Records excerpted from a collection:
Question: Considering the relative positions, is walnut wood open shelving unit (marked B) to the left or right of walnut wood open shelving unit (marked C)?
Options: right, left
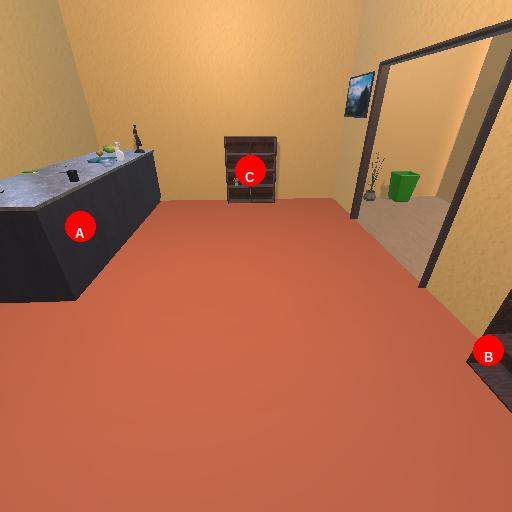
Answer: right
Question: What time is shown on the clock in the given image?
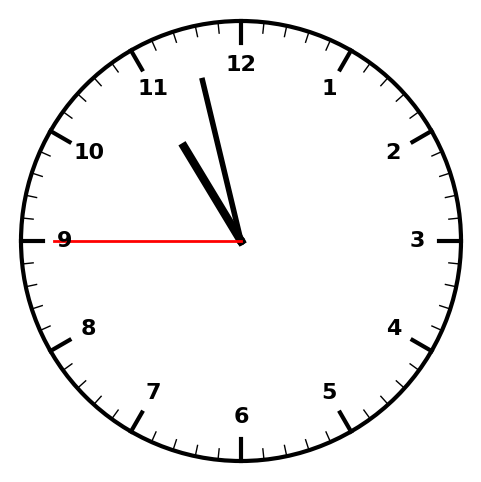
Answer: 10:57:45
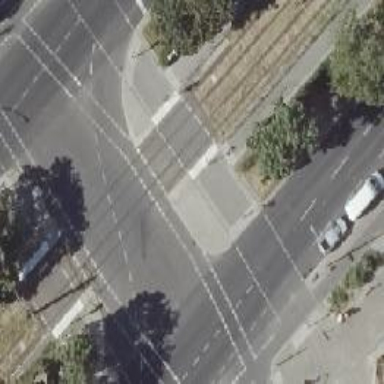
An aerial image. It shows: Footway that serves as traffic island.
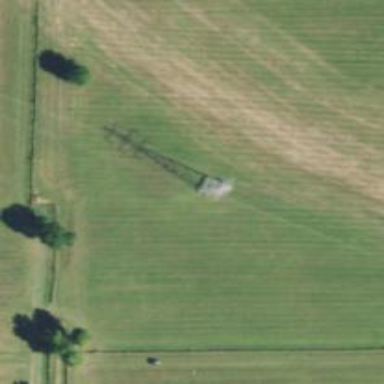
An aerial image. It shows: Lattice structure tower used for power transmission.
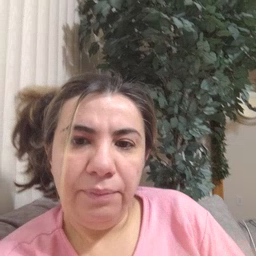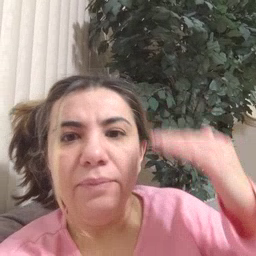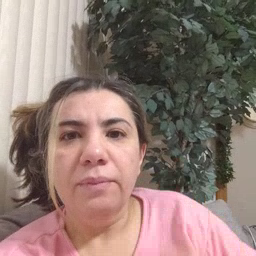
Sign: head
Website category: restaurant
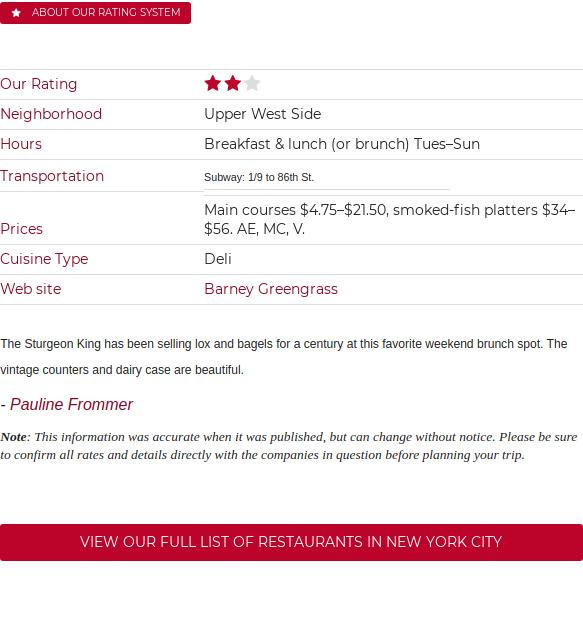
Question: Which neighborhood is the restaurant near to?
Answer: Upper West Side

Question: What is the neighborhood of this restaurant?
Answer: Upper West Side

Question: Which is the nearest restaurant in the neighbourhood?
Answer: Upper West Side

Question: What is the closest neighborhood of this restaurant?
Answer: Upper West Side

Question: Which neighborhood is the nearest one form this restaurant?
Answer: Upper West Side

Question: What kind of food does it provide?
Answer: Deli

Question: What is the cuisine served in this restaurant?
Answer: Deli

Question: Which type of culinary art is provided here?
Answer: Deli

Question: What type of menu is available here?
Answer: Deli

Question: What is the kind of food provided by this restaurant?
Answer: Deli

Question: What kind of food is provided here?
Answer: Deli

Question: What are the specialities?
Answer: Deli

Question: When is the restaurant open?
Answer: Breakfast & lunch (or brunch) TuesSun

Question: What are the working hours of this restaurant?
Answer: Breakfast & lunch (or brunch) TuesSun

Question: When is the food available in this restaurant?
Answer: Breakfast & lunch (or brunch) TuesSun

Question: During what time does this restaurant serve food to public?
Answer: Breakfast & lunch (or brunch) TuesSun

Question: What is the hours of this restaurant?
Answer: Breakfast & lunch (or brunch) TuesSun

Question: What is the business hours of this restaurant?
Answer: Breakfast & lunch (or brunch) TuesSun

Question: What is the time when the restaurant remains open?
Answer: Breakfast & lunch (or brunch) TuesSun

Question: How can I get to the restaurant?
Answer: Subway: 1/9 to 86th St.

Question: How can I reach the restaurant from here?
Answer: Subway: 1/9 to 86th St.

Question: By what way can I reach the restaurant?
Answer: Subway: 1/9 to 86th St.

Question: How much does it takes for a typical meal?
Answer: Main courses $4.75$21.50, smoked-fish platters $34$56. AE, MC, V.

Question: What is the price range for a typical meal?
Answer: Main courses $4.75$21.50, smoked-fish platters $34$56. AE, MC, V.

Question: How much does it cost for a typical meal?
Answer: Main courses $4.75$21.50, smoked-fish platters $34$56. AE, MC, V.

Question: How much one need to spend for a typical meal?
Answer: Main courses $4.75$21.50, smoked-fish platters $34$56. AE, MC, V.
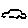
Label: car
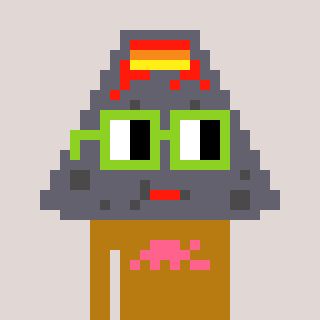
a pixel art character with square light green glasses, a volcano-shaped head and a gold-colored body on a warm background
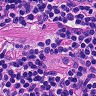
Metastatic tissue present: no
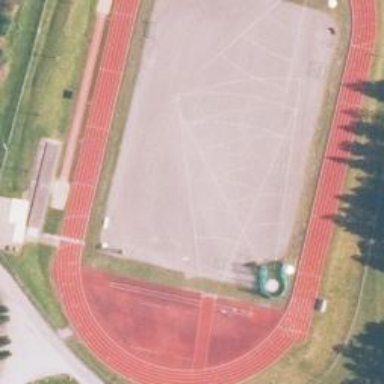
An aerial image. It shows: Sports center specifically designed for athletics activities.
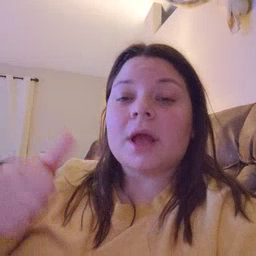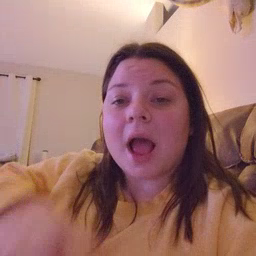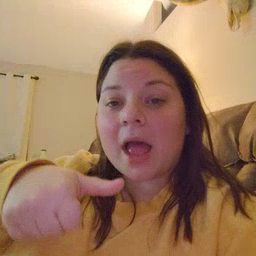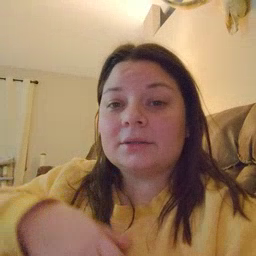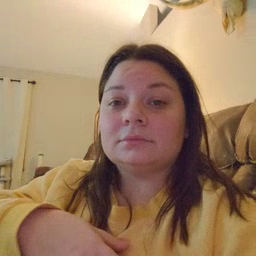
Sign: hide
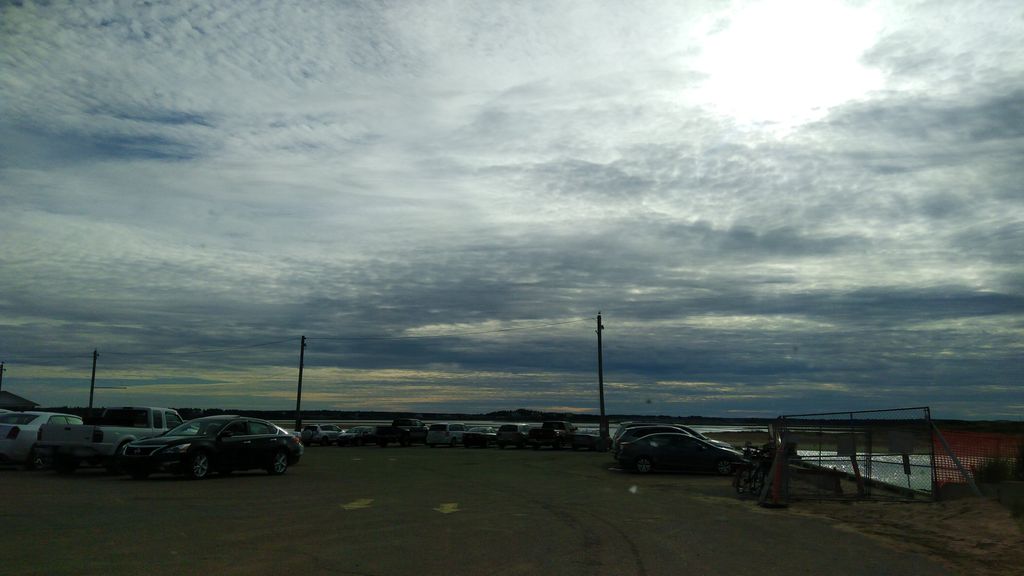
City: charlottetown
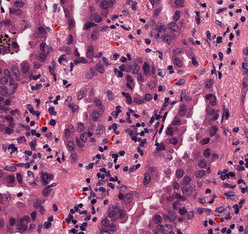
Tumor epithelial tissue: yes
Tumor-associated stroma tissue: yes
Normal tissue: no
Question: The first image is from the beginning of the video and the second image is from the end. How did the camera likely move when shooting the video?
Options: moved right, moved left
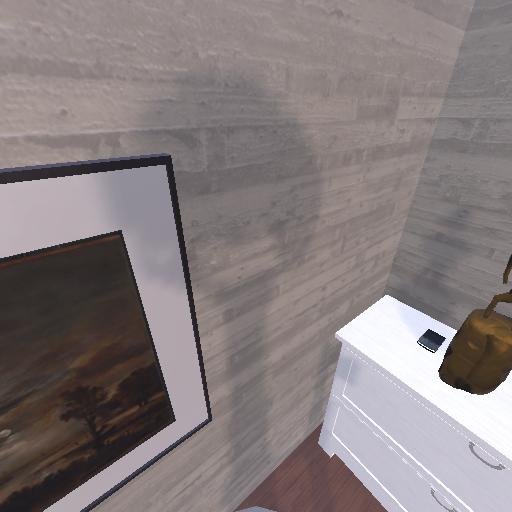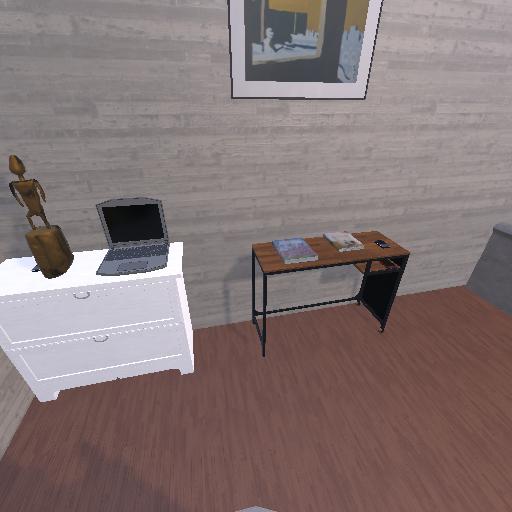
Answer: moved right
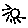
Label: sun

> [REQUIREMENT]: Give the data again exactly as written, with all pictures left out.

> [EXERCISE SOLUTION]:
Question: Considering the relative positions, is walnut wood open shelving unit (marked B) to the left or right of walnut wood open shelving unit (marked C)?
Options: right, left
Answer: right
Question: What time is shown on the clock in the given image?
Answer: 10:57:45
An aerial image. It shows: Footway that serves as traffic island.
An aerial image. It shows: Lattice structure tower used for power transmission.
Sign: head
Website category: restaurant
Question: Which neighborhood is the restaurant near to?
Answer: Upper West Side

Question: What is the neighborhood of this restaurant?
Answer: Upper West Side

Question: Which is the nearest restaurant in the neighbourhood?
Answer: Upper West Side

Question: What is the closest neighborhood of this restaurant?
Answer: Upper West Side

Question: Which neighborhood is the nearest one form this restaurant?
Answer: Upper West Side

Question: What kind of food does it provide?
Answer: Deli

Question: What is the cuisine served in this restaurant?
Answer: Deli

Question: Which type of culinary art is provided here?
Answer: Deli

Question: What type of menu is available here?
Answer: Deli

Question: What is the kind of food provided by this restaurant?
Answer: Deli

Question: What kind of food is provided here?
Answer: Deli

Question: What are the specialities?
Answer: Deli

Question: When is the restaurant open?
Answer: Breakfast & lunch (or brunch) TuesSun

Question: What are the working hours of this restaurant?
Answer: Breakfast & lunch (or brunch) TuesSun

Question: When is the food available in this restaurant?
Answer: Breakfast & lunch (or brunch) TuesSun

Question: During what time does this restaurant serve food to public?
Answer: Breakfast & lunch (or brunch) TuesSun

Question: What is the hours of this restaurant?
Answer: Breakfast & lunch (or brunch) TuesSun

Question: What is the business hours of this restaurant?
Answer: Breakfast & lunch (or brunch) TuesSun

Question: What is the time when the restaurant remains open?
Answer: Breakfast & lunch (or brunch) TuesSun

Question: How can I get to the restaurant?
Answer: Subway: 1/9 to 86th St.

Question: How can I reach the restaurant from here?
Answer: Subway: 1/9 to 86th St.

Question: By what way can I reach the restaurant?
Answer: Subway: 1/9 to 86th St.

Question: How much does it takes for a typical meal?
Answer: Main courses $4.75$21.50, smoked-fish platters $34$56. AE, MC, V.

Question: What is the price range for a typical meal?
Answer: Main courses $4.75$21.50, smoked-fish platters $34$56. AE, MC, V.

Question: How much does it cost for a typical meal?
Answer: Main courses $4.75$21.50, smoked-fish platters $34$56. AE, MC, V.

Question: How much one need to spend for a typical meal?
Answer: Main courses $4.75$21.50, smoked-fish platters $34$56. AE, MC, V.
Label: car
a pixel art character with square light green glasses, a volcano-shaped head and a gold-colored body on a warm background
Metastatic tissue present: no
An aerial image. It shows: Sports center specifically designed for athletics activities.
Sign: hide
City: charlottetown
Tumor epithelial tissue: yes
Tumor-associated stroma tissue: yes
Normal tissue: no
Question: The first image is from the beginning of the video and the second image is from the end. How did the camera likely move when shooting the video?
Options: moved right, moved left
Answer: moved right
Label: sun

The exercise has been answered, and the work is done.